With Love From Madagascar

By Alpkit>

Last year we supported The Shipwrecked Rambler, Klara Harden on a solo trip through Iceland from which she produced the film Made in Iceland. This year she has another film in the making, but first she must complete the cycle journey through Madagascar whilst visiting a number of charity and conservation organisations along the way.

Klara Harden (24), cinematographer and photographer from Austria and Karsten Pruehl (28), filmmaker from Berlin, Germany are now in Madagascar in order to make an adventure documentary that is both an exciting beautifully shot story and a pleading for protecting the nature. In their film "WITH LOVE FROM MADAGASCAR" they will cycle through the island for two months and visit national parks, several conservation and charity programs, interview scientists and experts about the environmental issues of the island. Harden and Pruehl call their film an eco-adventure documentary in which both try to find out if there is still a way to save the island, or if it will end in the year 2050 having lost all of its natural source and social substance as some scientists foresee.

One of the most unique places on earth is definitely the great island of Madagascar. By a size not really bigger than France Madagascar inhabits 5% of all species in the world. Unfortunately over 90% of its original rainforest has been destroyed into an unrecoverable state hand in hand with the extinction of most wonderful and unique creatures. But what has been left is worth to be discovered and even more worth to be protected.

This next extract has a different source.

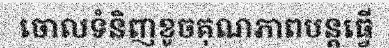
ចោលទំនិញខូចគុណភាពបន្តធ្វើ
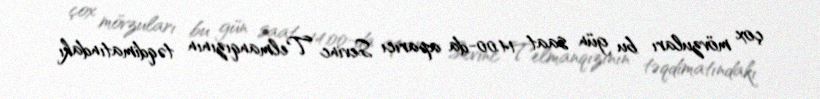
çox mövzuları bu gün saat 14.00-da aparıcı Sevinc Telmanqızının təqdimatındakı

Klara Harden and Karsten Prühl start their tour and making of the film around Madagascar with mixed experiences. Here's a short excerptfrom Karsten's logbook as they set off.

Before I started this journey, I've been overwhelmed by my self-made idea of Madagascar appearing to be a cradle of life. Life. What is life at all if not some kind of idea, a magnitude, that builds shapes and forms with matter flowing through it like water through a river that manages to keep its form, although constantly moving...

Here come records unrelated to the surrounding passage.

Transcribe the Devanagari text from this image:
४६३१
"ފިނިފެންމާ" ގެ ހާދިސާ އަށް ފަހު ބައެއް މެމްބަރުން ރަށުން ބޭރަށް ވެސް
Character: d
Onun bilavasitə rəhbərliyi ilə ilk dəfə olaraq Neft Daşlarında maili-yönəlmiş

Funny: we had a coffee in Café la Gare - the guarded place for white and rich people in central Tana - only because they have internet for free. Suddenly we got to know scientific journalist Franziska Badenschier. Surprisingly she already knew our project and she recognised us after a second of melting the ice. She is focussed on the island's environmental circumstances, writes an interesting and detailed blog diary about her travels in Madagascar and - best - was willing to give us an interview about her work, life and opinion on environmental issues. She was also great in giving us hints and valuable information. Chances opened up, and she led us to an analytic talk with her colleague and friend Uwe Birkel from Tana's university. Uwe teaches Malagassy students to communicate tourism at the university in Tana. For us, he opened the doors for a refreshing insight into the upcoming generation of Madagascar's international future. His actual group of students talk excellent German and are very ambitious in their field. Neither Klara nor me expected such great contacts, information, friends and experiences. A very very good start...

After arriving in the small stinky little town of Ranomafana at the RN2, we were hungry like hell. A chinese restaurant was supposed to feed us. First, I thought the meal to be well done and ordered another plate full of pork. While writing about that pork my stomach feels provoked. After an hour and back in our dusty bungalow I noticed a change. After two hours, I turned upside down. Probably, it was a mixture between some kind of sunstroke and poisoned food. Nevertheless, Klara did a great job in caring for me, but couldn't prevent me from spreading my internal organs into the awkward garden of our housekeeper. How much did I sleep? I don't remember. Most relaxation came from these feel-free seconds after the. I think you got the point.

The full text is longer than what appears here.